Input data -
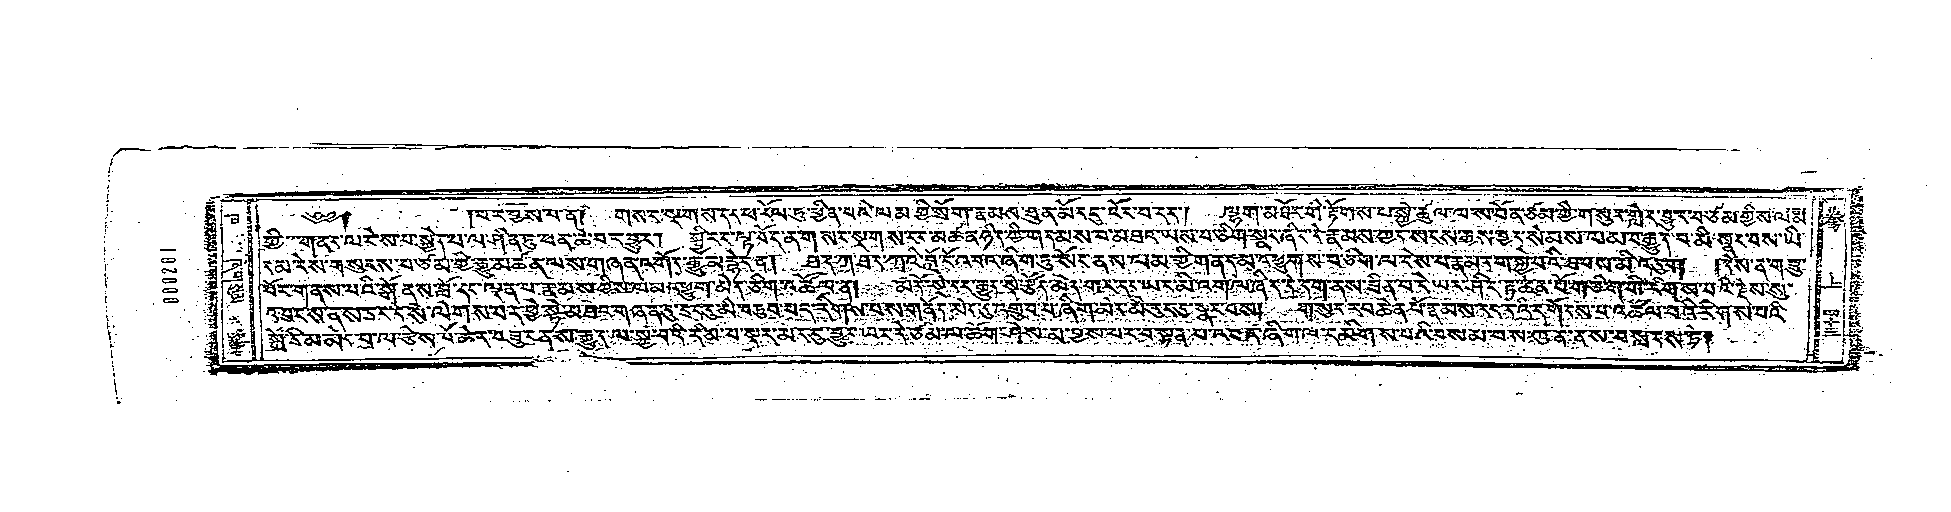༄༅། །པར་བྱས་པ་ན། གསང་སྔགས་དང་ཕ་རོལ་ཏུ་ཕྱིན་པའི་ལམ་གྱི་སྲོག་རྣམས་ཐུན་མོང་དུ་འོང་བ་དང་། ལྷག་མཐོང་གི་རྟོགས་པ་སྐྱེ་ཚུལ་ལ་ས་བོན་ཙམ་གྱི་གསུང་གླེང་བྱུང་བ་ཙམ་གྱིས་ལམ་
གྱི་གནད་ལ་ངེས་པ་སྐྱེད་པ་ལ་ཤིན་ཏུ་ཕན་ཆེ་བར་བྱུང་། སྤྱིར་ད་ལྟ་བོད་ན་གསང་སྔགས་དང་མཚན་ཉིད་ཀྱི་གདམས་པ་མཐའ་ཡས་པ་ཅིག་སྣང་ཞིང་དེ་རྣམས་ཀྱང་སངས་རྒྱས་བྱང་སེམས་ལམ་བརྒྱུད་པ་མི་སྣང་བས་ཡི་
དམ་རེས་གསུངས་པ་ཙམ་གྱི་རྒྱུ་མཚན་ལས་གཞན་འགོད་རྒྱུ་མ་རྙེད་ན། ཐར་ཀ་ཐང་ཀའི་བློ་ངོ་འབའ་ཞིག་ཏུ་སོང་ནས་ལམ་གྱི་གནད་མ་འཕྱུངས་པ་ཅིག་ལ་ངེས་པ་རྣམ་དག་སྐྱེ་བའི་ཐབས་མི་འདུག །དེས་ན་གཟུ་
བོར་གནས་པའི་སྒོ་ནས་བློ་དང་ལྡན་པ་རྣམས་ཀྱིས་ལམ་འཕྱུག་མེད་ཅིག་འཚོལ་ན། མདོ་སྡེ་དང་རྒྱུད་སྡེ་རྩོད་མེད་གང་དང་ཡང་མི་འགལ་ཞིང་དེ་དག་ནས་ཟིན་པ་དེ་ཡང་ཤིང་རྟ་ཆེན་པོ་གཅིག་གི་རིགས་པའི་རྗེས་སུ་
འབྲངས་ནས་དྲང་ངེས་ལེགས་བར་ཕྱེ་སྟེ་མཐའ་གཞན་དུ་དྲང་དུ་མི་བཏུབ་པར་རིགས་པས་གནོད་མེད་དུ་འགྲུབ་པ་ཞིག་མེད་མི་རུང་དུ་སྣང་བས། གསུང་རབ་ཆེན་པོ་རྣམས་དང་དེའི་དགོངས་པ་འཚོལ་བའི་རིགས་པའི་
སྒོ་དྲི་མ་མེད་བ་ལ་རྩིས་པོ་ཆེར་བཟུང་ནས་རྒྱུད་ལ་སྐྱེ་བའི་རིམ་པ་སྔར་མང་དུ་བྱུང་ཡང་དེ་ཙམ་ལ་ཆོག་ཤེས་མ་བྱས་པར་བསྟན་པ་འབའ་ཞིག་ལ་དམིགས་པའི་བསམ་བས་ཀུན་ནས་བསླངས་ཏེ།
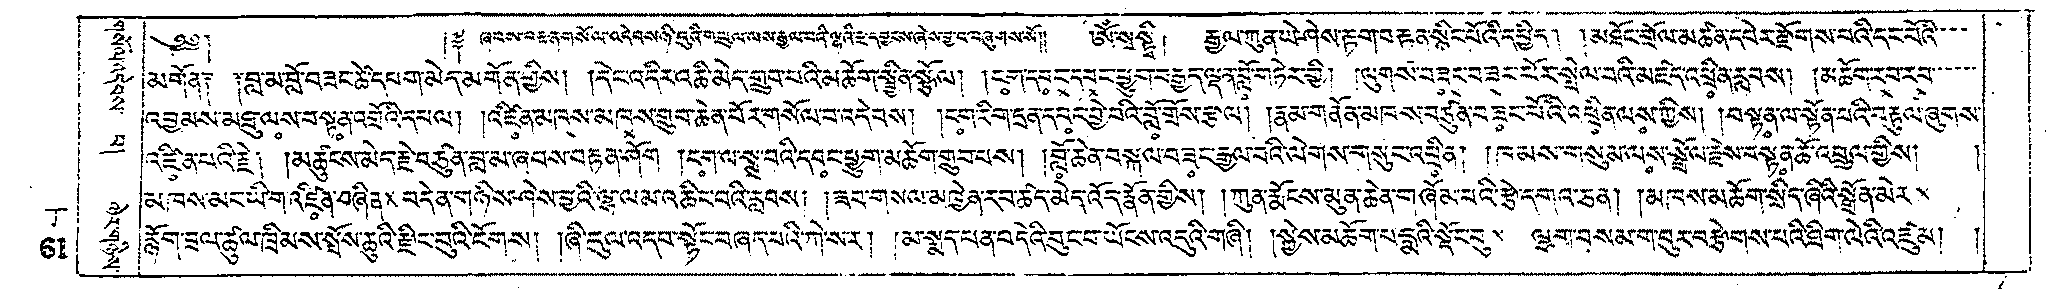༄༅། ། འ་ཞབས་བརྟན་གསོལ་འདེབས་ཉི་བུའི་གཡུལ་ལས་རྒྱལ་བའི་ལྷའི་རྔ་དབྱངས་ཞེས་བྱ་བ་བཞུགས་སོ།།  ཨོཾ་སྭསྟྭི། རྒྱལ་ཀུན་ཡེ་ཤེས་རྟག་བརྟན་སྙིང་པོའི་དཔྱིད། །མཐོང་གྲོལ་མཚན་དཔེར་རྫོགས་པའི་དང་པོའི་་་
མགོན༑ ༑བླ་མ་བློ་བཟང་ཚེ་དཔག་མེད་མགོན་གྱིས། །དེང་འདིར་འཆི་མེད་གྲུབ་པའི་མཆོག་སྦྱིན་སྩོལ། །ངག྾་དབང྾྾་དབང྾྾་ཕྱུག་བརྒྱད་ལྡན་བློ྾་གཏེར་གྱི། །ལུགས་བཟང྾྾་བཟང྾྾་པོར་སྤེལ་བའི་མཛད་འཕྲིན྾་རླབས། །མཆོག་རབ྾་རབ྾་་་
འབྱམས་མཐུ་ལས྾་བསྟན྾་འགྲོའི་དཔལ། །འཛིན྾་མཁས྾་མཁས྾་གྲུབ་ཆེན་པོར་གསོལ་བ་འདེབས། །ངག྾་རིག་དྲན་དབང྾་བྱེ་བའི་བློ྾་གྲོས་རྩལ། །རྣམ་གནོན་མཁས་བཙུན་བཟང྾་པོའི་འཕྲིན྾་ལས྾་ཀྱིས། །བསྟན྾་ལ་སྟོན་པའི་བརྟུལ་ཞུགས་
འཛིན྾་པའི་རྗེ། །མཚུངས་མེད་རྗེ་བཙུན་བླ་མ་ཞབས་བརྟན་ཤོག །ངག྾་ལ་སྨྲ་བའི་དབང྾་ཕྱུག་མཆོག་གྲུབ་པས། །བློ྾་ཆེན་བསྐལ་བཟང྾་རྒྱལ་བའི་ལེགས་གསུང་འཕྲིན྾། །ཁམས་གསུམ་ལས྾་སྒྲོལ་རྗེས་བསྟན྾་ཆོ་འཕྲུལ་གྱིས། །
མཁས་མང་ཡིག་འཛིན྾་བཞིན་྾་བདེན་གཉིས་ཤེས་བྱའི་ལྷ་ལམ་འཆིང་བའི་རླབས། །ཟབ་གསལ་མཁྱེན་རབ་ཚད་མེད་འོད་རྣོན་གྱིས། །ཀུན་རྨོངས་མུན་ཆེན་གཞོམ་པའི་རྩེ་དགའ་ཅན། །མཁས་མཆོག་སྲིད་ཞིའི་སྒྲོན་མེར་྾་
རྙོག་བྲལ་ཚུལ་ཁྲིམས་སྤོས་ཆུའི་རྫིང་བུའི་ངོགས། །ཞི་དུལ་འདབ་སྟོང་བཞད་པའི་ཀེ་སར། །མ་སྨད་ཕན་བདེའི་བུང་བ་ཡོངས་འདུའི་གཞི། །སྐྱེས་མཆོག་པདམའི་སྡོང་བུ་྾་ལྷག་བསམ་ག་བུར་བརྩེགས་པའི་ཐིག་ལེའི་འཛུམ། །

What needs to be done - Only the lines from the top of the material through the line containing "གྱི་གནད་ལ་ངེས་" should be written out, exactly and without pictures.

Solution to this exercise -
༄༅། །པར་བྱས་པ་ན། གསང་སྔགས་དང་ཕ་རོལ་ཏུ་ཕྱིན་པའི་ལམ་གྱི་སྲོག་རྣམས་ཐུན་མོང་དུ་འོང་བ་དང་། ལྷག་མཐོང་གི་རྟོགས་པ་སྐྱེ་ཚུལ་ལ་ས་བོན་ཙམ་གྱི་གསུང་གླེང་བྱུང་བ་ཙམ་གྱིས་ལམ་
གྱི་གནད་ལ་ངེས་པ་སྐྱེད་པ་ལ་ཤིན་ཏུ་ཕན་ཆེ་བར་བྱུང་། སྤྱིར་ད་ལྟ་བོད་ན་གསང་སྔགས་དང་མཚན་ཉིད་ཀྱི་གདམས་པ་མཐའ་ཡས་པ་ཅིག་སྣང་ཞིང་དེ་རྣམས་ཀྱང་སངས་རྒྱས་བྱང་སེམས་ལམ་བརྒྱུད་པ་མི་སྣང་བས་ཡི་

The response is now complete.